Asset Protection Planning Should Start Before Claims Arise
The most effective asset protection plans need to be put in place long before a creditors claim or liability arises. Transactions that occur after a claim has arisen are likely to be considered violations of “fraudulent transfer” laws. Another important reason for early planning is that most people don’t understand when the claim or liability actually arises. Once you have received a demand for payment or been served with a lawsuit, it is too late.
It is a common misconception that the only consequence of late planning is the voiding of what is considered a fraudulent transfer. Instead, both the debtor and the person who aided in the fraudulent transfer can be held liable for attorney fees incurred by the creditor involved.

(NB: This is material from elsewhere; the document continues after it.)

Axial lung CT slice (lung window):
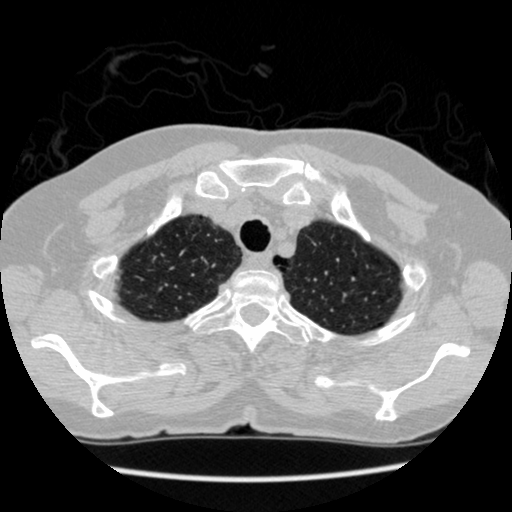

The debtor may also lose any chance of discharging that particular debt in bankruptcy.
Asset Protection Planning Should not be a Substitute for Insurance
Asset protection planning should never be considered a substitute for liability or professional insurance. It is meant to only supplement such insurance. Asset protection plans do not deter lawsuits, nor do they pay for legal fees required to defend against a lawsuit. If you are sued, your insurance company will be responsible for defending the lawsuit, as well as paying to settle.
Personal Assets Should Not be placed in Business Entities
The general rule is, trusts are for personal assets and business entities are for business assets. This means that various business entities, such as corporations, partnerships and limited liability corporations, are meant to be vehicles for business assets only. Whereas personal assets should be placed in some form of trust.